## WORK REQUIRED
Across the listing below, how many lines hold "width"? Reply with the number by itself.

##########

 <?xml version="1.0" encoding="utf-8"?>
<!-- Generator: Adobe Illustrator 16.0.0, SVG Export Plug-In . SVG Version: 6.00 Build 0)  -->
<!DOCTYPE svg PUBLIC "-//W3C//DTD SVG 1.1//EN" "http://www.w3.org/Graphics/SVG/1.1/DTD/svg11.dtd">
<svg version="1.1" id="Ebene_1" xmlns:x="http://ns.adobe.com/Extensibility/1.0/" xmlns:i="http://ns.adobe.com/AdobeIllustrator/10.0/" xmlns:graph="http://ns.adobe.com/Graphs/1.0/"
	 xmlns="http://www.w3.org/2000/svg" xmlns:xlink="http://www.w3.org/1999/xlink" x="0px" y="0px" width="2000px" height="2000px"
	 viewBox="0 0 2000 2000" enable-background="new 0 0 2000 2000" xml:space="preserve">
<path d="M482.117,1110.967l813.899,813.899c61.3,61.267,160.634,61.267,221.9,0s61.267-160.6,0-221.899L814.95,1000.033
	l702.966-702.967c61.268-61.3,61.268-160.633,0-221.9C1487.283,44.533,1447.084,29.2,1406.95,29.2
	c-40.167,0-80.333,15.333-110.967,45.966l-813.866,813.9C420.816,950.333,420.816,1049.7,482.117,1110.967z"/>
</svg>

##########

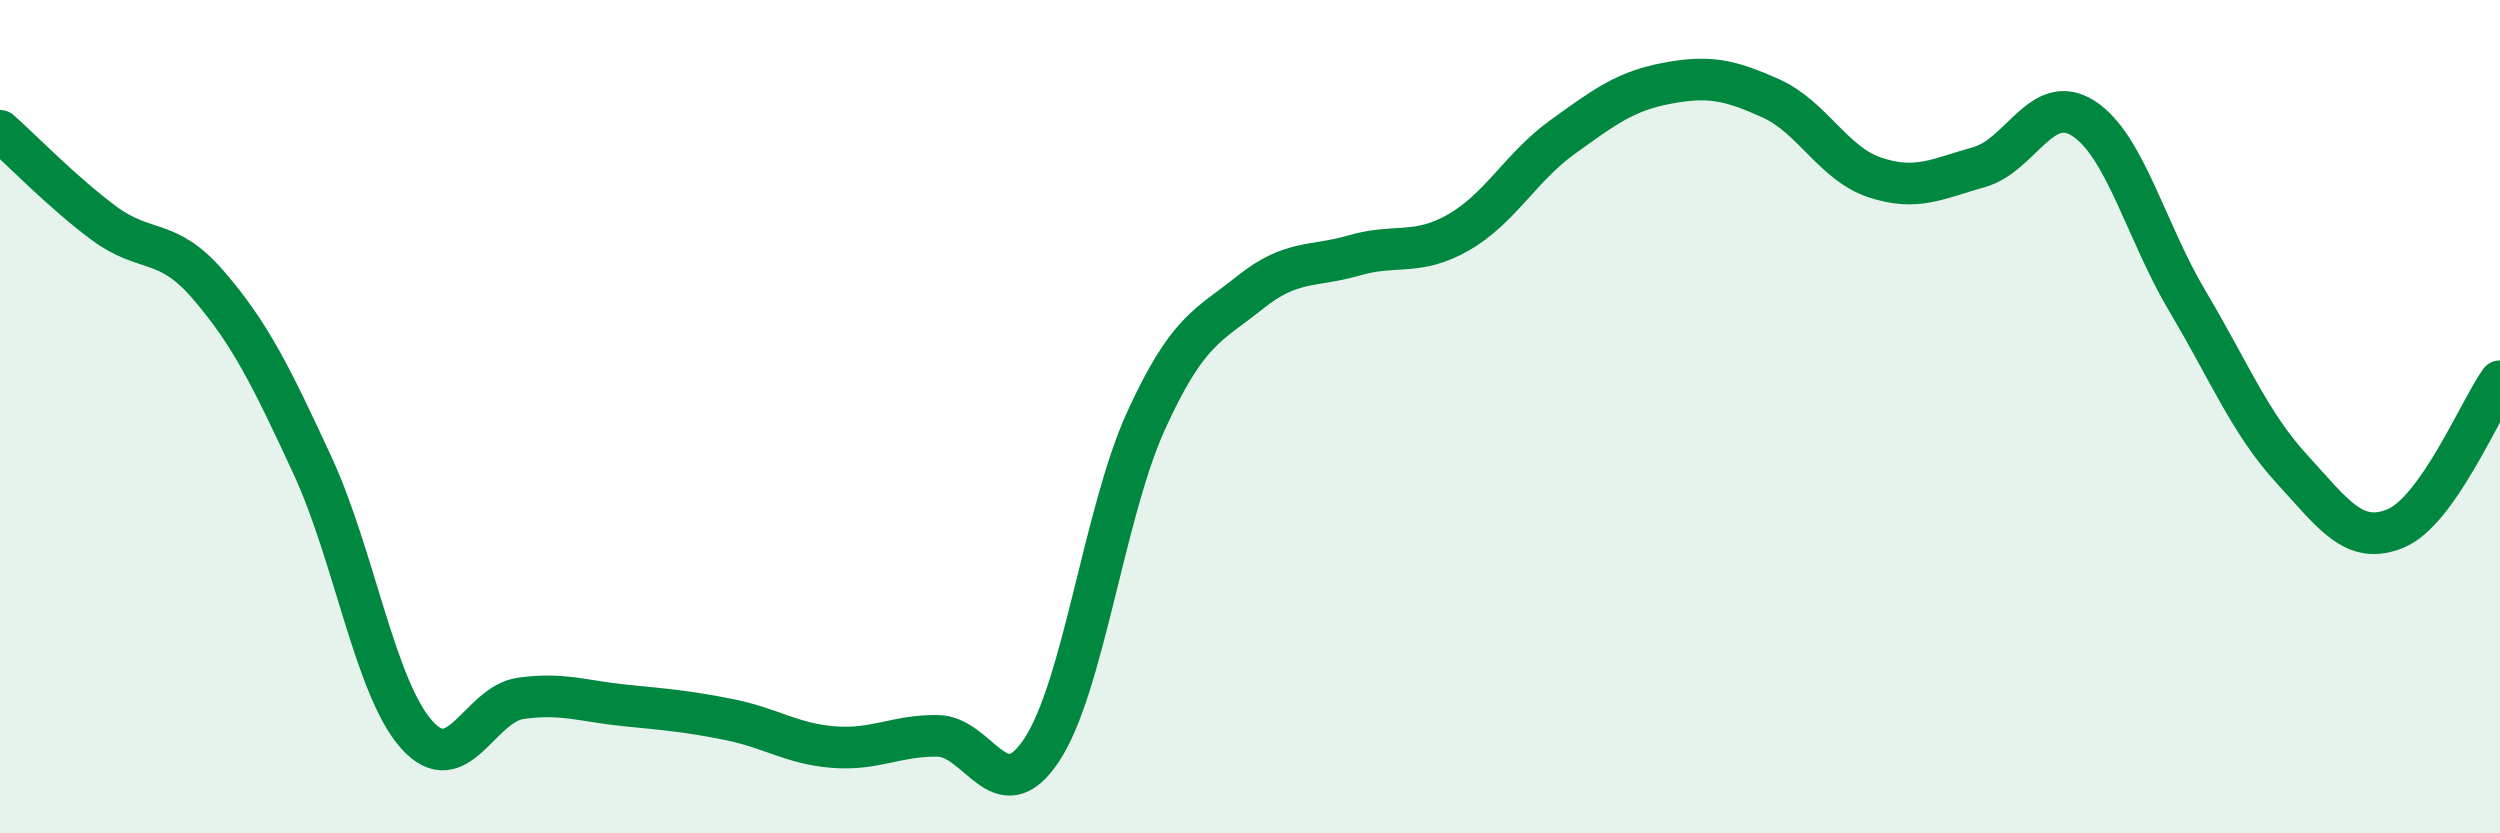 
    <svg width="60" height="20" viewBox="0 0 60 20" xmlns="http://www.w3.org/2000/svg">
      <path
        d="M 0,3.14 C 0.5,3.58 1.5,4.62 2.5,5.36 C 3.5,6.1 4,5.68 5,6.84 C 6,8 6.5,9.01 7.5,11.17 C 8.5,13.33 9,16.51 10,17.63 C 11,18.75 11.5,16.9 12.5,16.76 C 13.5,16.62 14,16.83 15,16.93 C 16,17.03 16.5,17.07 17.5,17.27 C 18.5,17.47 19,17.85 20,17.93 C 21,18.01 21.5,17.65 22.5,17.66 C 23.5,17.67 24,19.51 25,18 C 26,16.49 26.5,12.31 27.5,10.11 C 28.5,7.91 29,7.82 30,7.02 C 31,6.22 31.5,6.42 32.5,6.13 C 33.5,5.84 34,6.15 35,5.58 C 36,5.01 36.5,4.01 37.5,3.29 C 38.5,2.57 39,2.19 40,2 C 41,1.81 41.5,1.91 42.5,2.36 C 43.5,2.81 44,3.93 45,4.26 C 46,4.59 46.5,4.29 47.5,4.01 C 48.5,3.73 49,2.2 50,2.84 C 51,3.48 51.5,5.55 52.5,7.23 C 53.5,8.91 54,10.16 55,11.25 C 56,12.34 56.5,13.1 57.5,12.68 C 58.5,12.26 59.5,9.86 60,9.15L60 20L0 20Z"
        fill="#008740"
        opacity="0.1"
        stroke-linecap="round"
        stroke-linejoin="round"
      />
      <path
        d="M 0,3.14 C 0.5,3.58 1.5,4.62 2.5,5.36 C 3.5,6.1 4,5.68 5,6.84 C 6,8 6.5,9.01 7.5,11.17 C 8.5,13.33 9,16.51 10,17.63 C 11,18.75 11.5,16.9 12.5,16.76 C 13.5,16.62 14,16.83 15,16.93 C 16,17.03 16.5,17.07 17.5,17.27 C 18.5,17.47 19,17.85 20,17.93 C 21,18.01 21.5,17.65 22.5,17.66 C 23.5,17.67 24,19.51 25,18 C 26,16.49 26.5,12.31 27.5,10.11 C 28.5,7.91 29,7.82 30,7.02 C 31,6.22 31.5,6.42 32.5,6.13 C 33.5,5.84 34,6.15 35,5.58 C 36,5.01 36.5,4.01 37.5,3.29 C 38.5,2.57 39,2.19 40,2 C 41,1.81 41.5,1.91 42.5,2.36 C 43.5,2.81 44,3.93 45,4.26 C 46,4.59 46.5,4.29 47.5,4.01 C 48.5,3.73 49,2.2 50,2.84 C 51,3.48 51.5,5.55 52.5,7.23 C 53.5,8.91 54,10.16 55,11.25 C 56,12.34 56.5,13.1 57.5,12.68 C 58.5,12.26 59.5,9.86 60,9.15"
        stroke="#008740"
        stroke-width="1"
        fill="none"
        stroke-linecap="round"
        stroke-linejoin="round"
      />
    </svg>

##########

## FINAL ANSWER
3